Thad braced his foot on the automaton’s shoulder and yanked the baton free. The automaton looked strange, even in the bad light. He bent for closer look, then drew back with a hiss. Half the automaton’s metal head was flesh. One side of a woman’s head had been stitched unevenly to a metal one with staples or wire. The tip of Thad’s baton was stained with blood. The vodka in Thad’s pocket felt very heavy.

Thad forced a number of reactions to the back of his mind. Later, when he had taken care of Havoc, he would have a private moment of horror and anxiety. Right now he was busy.

The corridor opened unexpectedly onto a balcony that ringed a large hall. On the floor a story below lay yet another dreadful laboratory. Thad had seen so many now that they were blurring together. Clockworkers focused on different areas of science-mechanics, physics, automatics, biology, chemistry, even astronomy-but their labs tended to have the same equipment. They almost always had a forge, since they had to design and create their own machinery. They usually had a great deal of glassware, mechanical parts, medical equipment, and, sadly, chains, cages, and other restraints near some kind of operating table. Thad’s all-too-experienced eye ran over the similarities and picked out differences. A stack of barrels in one corner. A large cooking stove in another. Shelves lined with jars, each one containing a human brain in fluid. And on a worktable amid a jumble of half-built spiders, a very different spider, a large one with ten legs instead of eight and intricate wires and carvings all over its body.

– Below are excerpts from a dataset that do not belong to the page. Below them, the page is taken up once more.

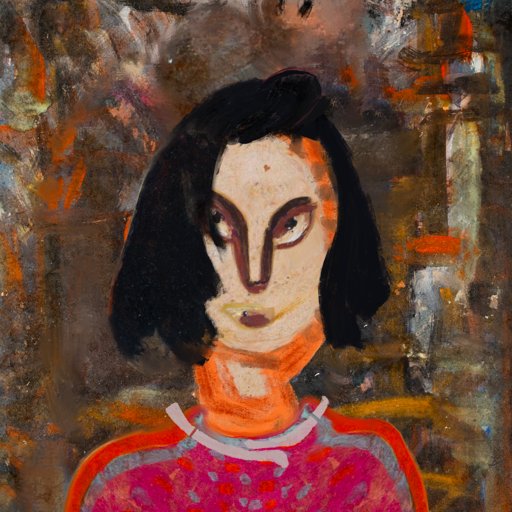
Background: GypsyQueen, Head And Neck Front: Rupkatha, Face Front: After_Raid, Bust: Sisters, Hair Front: Mosgoul, Head Accessory: Blank, Second Necklace: Blank, Necklace: Hypocrite_2, Baby: Blank
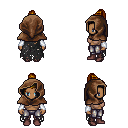
a pixel art fantasy rpg character, female body template, human, dark skin, black tattered cape, metal pants, blonde short topknot hairstyle, cloth hood, white cloth bracers, maroon shoes, four views (front, back, left, right), 2x2 character sprite sheet, small pixel art, hard edges, no anti-aliasing
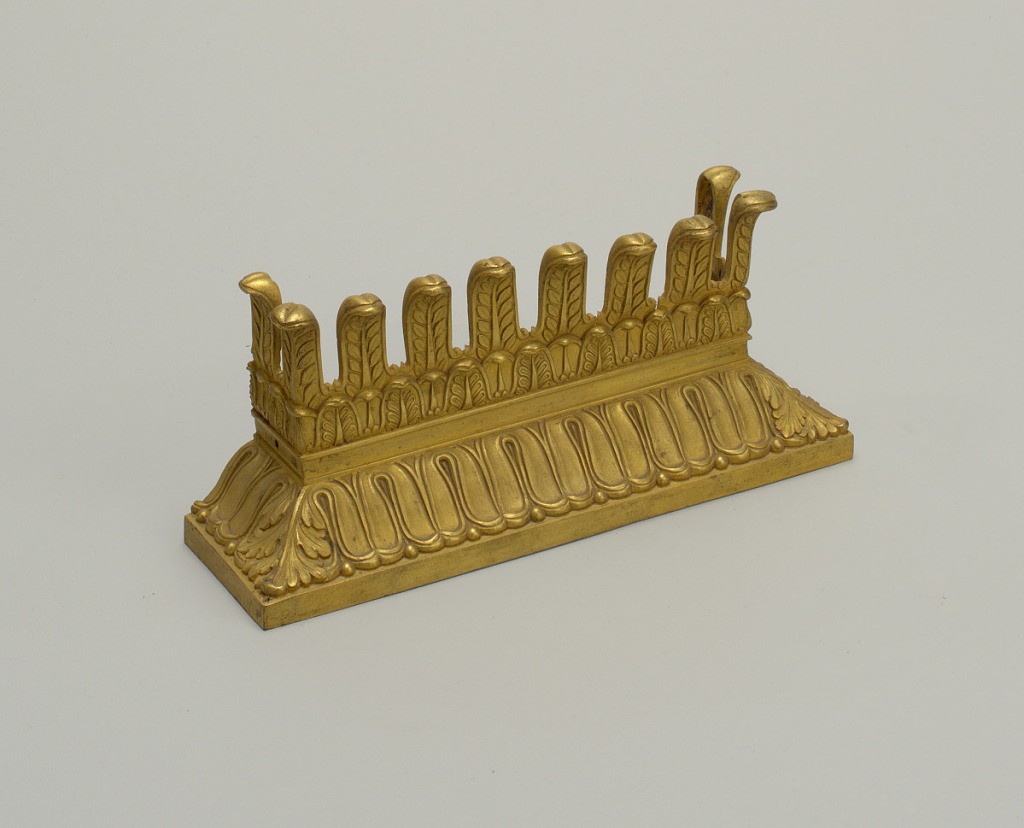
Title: Mount
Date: early 19th century
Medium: bronze (gilt)
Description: Architectural or funiture cornice with lapped tongue decoration of acanthus corners over frieze of pendant tongues over cut-out with laurel decoration
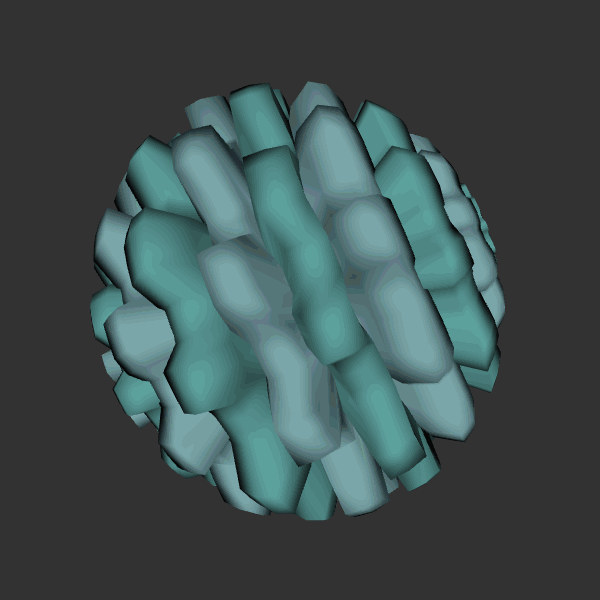
Background: dark
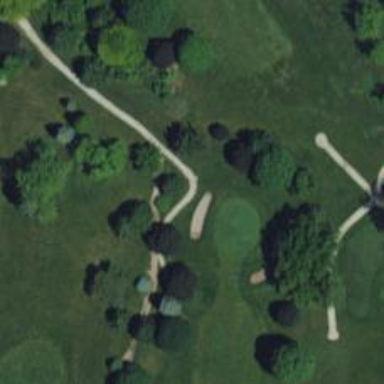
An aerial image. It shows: Service road designated as golf cart path.
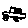
Label: car
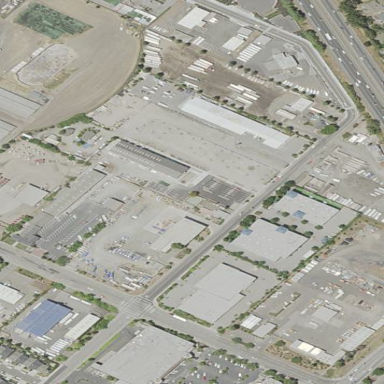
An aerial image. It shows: Industrial area.
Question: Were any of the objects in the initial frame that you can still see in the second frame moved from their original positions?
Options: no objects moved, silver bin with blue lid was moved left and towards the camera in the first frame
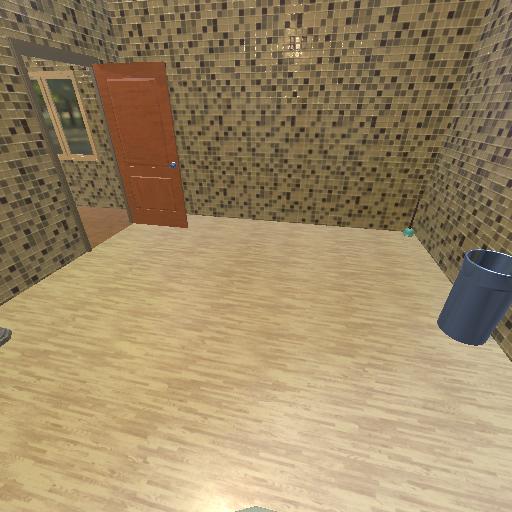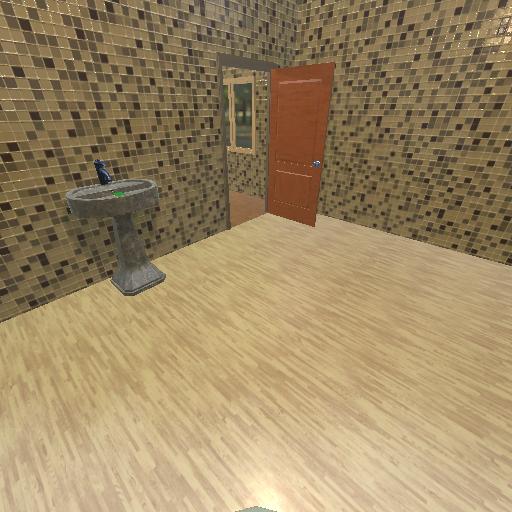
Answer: no objects moved
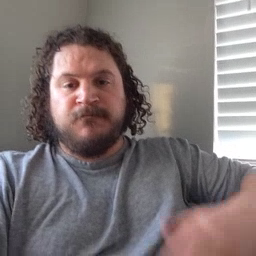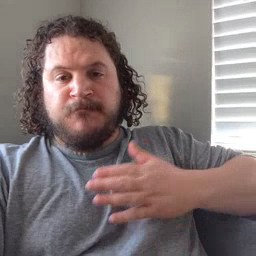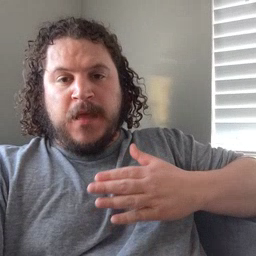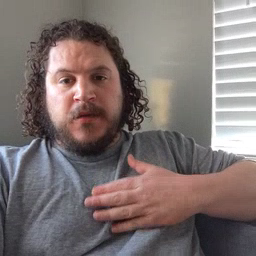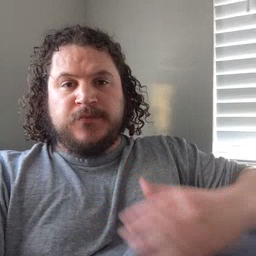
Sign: minemy
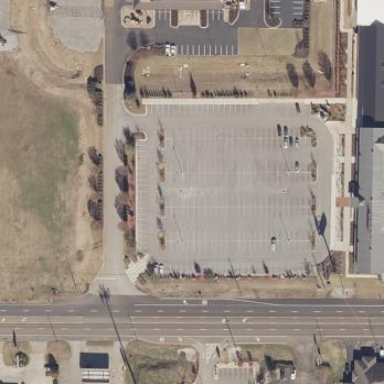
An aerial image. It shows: Parking area with surface.
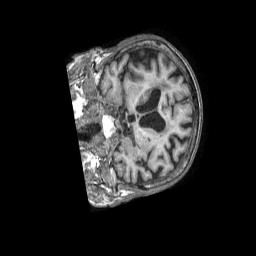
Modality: T1w
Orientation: coronal
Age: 87
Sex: female
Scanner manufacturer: philips
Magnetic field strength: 1.5 T
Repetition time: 0.007461 s
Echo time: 0.003406 s
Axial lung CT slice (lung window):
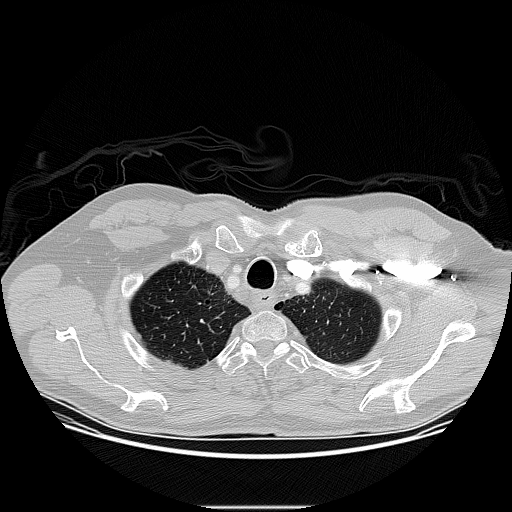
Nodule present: no
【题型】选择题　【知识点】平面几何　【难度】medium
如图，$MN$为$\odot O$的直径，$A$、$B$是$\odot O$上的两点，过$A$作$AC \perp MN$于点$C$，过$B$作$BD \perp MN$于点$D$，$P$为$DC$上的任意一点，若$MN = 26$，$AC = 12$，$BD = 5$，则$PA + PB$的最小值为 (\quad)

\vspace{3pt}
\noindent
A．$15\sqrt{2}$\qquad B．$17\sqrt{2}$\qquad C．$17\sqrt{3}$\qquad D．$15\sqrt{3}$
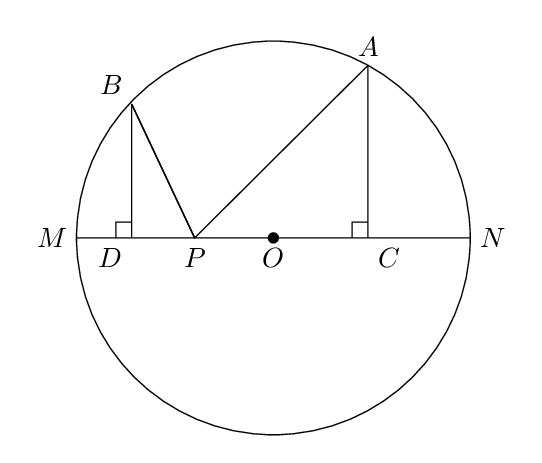
【解答】
\vspace{8pt}
\noindent
\textbf{【答案】}B

\vspace{3pt}
\noindent
\textbf{【分析】}连接$OA$、$OB$，根据$AC \perp MN$，$BD \perp MN$，用勾股定理计算得到$OC$、$OD$；延长$BD$与$\odot O$相交于点$G$，推导得当点$P$在直线$AG$上时，$PA + GP$取最小值；过$G$作$GH \perp AC$于点$H$，经证明四边形$CDGH$是矩形，并经勾股定理计算即可得到$AG$的值，即可完成求解．

\vspace{5pt}
\noindent
\textbf{【详解】}解：如图，连接$OA$、$OB$，

\noindent
$\because$过$A$作$AC \perp MN$于点$C$，过$B$作$BD \perp MN$于点$D$，

\noindent
$\therefore OB^2 = BD^2 + OD^2 = 25 + OD^2$，$OA^2 = AC^2 + OC^2 = 144 + OC^2$，

\noindent
$\because MN = 26$，$A$、$B$是$\odot O$上的两点，

\noindent
$\therefore OA = OB = \dfrac{1}{2}MN = 13$，

\noindent
$\therefore 169 = 25 + OD^2$，$169 = 144 + OC^2$，

\noindent
$\therefore OD = 12$，$OC = 5$，

\noindent
$\therefore CD = OD + OC = 17$，

\noindent
延长$BD$与$\odot O$相交于点$G$，

\noindent
$\because MN$为$\odot O$的直径，$BD \perp MN$，

\noindent
$\therefore BP = GP$，$BD = GD = 5$，

\noindent
$\therefore PA + PB = PA + GP$，

\noindent
当点$P$在直线$AG$上时，$PA + GP$取最小值，且最小值$= AG$，

\noindent
过$G$作$GH \perp AC$于点$H$，

\noindent
又$\because AC \perp MN$，$BD \perp MN$，

\noindent
$\therefore CD \parallel GH$，$DG \parallel CH$，$\angle DCH = 90^\circ$，

\noindent
$\therefore$四边形$CDGH$是矩形，

\noindent
$\therefore GH = CD = 17$，$CH = DG = 5$，

\noindent
$\therefore AH = AC + CH = 17$，

\noindent
$\therefore AG = \sqrt{AH^2 + GH^2} = \sqrt{17^2 + 17^2} = 17\sqrt{2}$，

\noindent
$\therefore PA + PB$的最小值是：$17\sqrt{2}$，

\noindent
故选：B．

\vspace{5pt}
\noindent
\textbf{【点睛】}本题考查了勾股定理、垂径定理、矩形、两点之间线段最短的知识；解题的关键是熟练掌握勾股定理、垂径定理、矩形、两点之间线段最短的性质，从而完成求解．
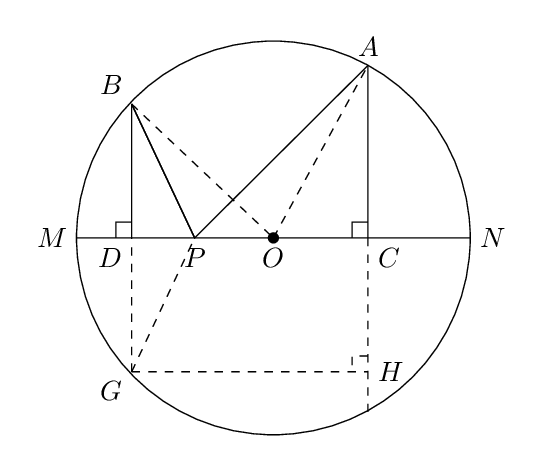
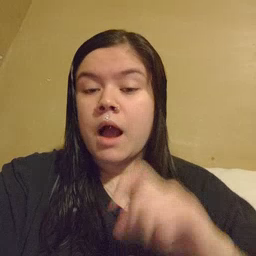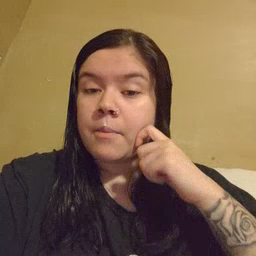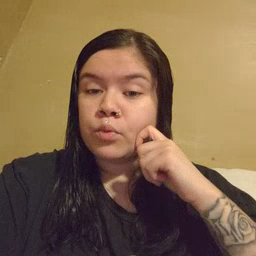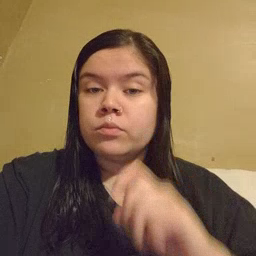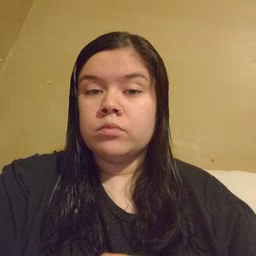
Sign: apple
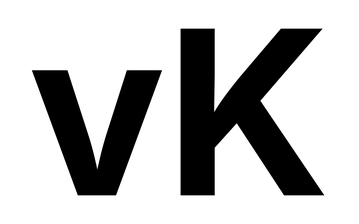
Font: Inter_Bold
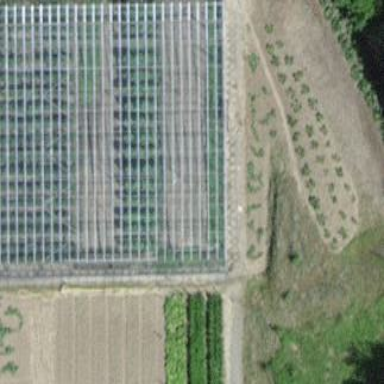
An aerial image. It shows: Greenhouse.
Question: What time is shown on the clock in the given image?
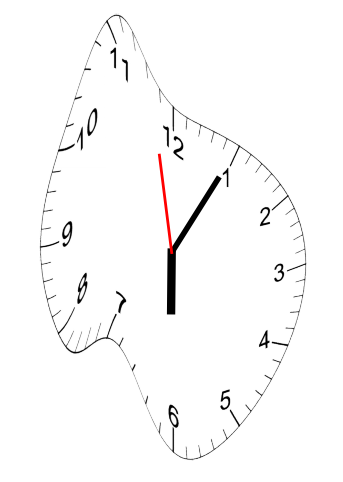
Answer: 06:04:58

Havoc’s machine. Of Havoc himself, there was no sign.

Thad narrowed his eyes. What was this machine and why did Sofiya’s employer want it so badly? It crossed his mind that the employer might be another clockworker, a rival, but Thad almost as quickly discarded the idea. Clockworkers didn’t work well with others. They became more and more self-centered and narcissistic as the plague progressed, and when they went into a sleepless fugue of inventing, they were singularly unpleasant to be around, which was one reason they built so many automatons-machines were the only beings that could withstand their abuse. The idea that an advanced clockworker might work so closely with normal people like Sofiya or Thad, even at a distance, seemed unlikely in the extreme. In any case, perhaps he should “accidentally” destroy the invention. Secret reasons for wanting it couldn’t be good reasons. On the other hand, he’d given his word and taken the money.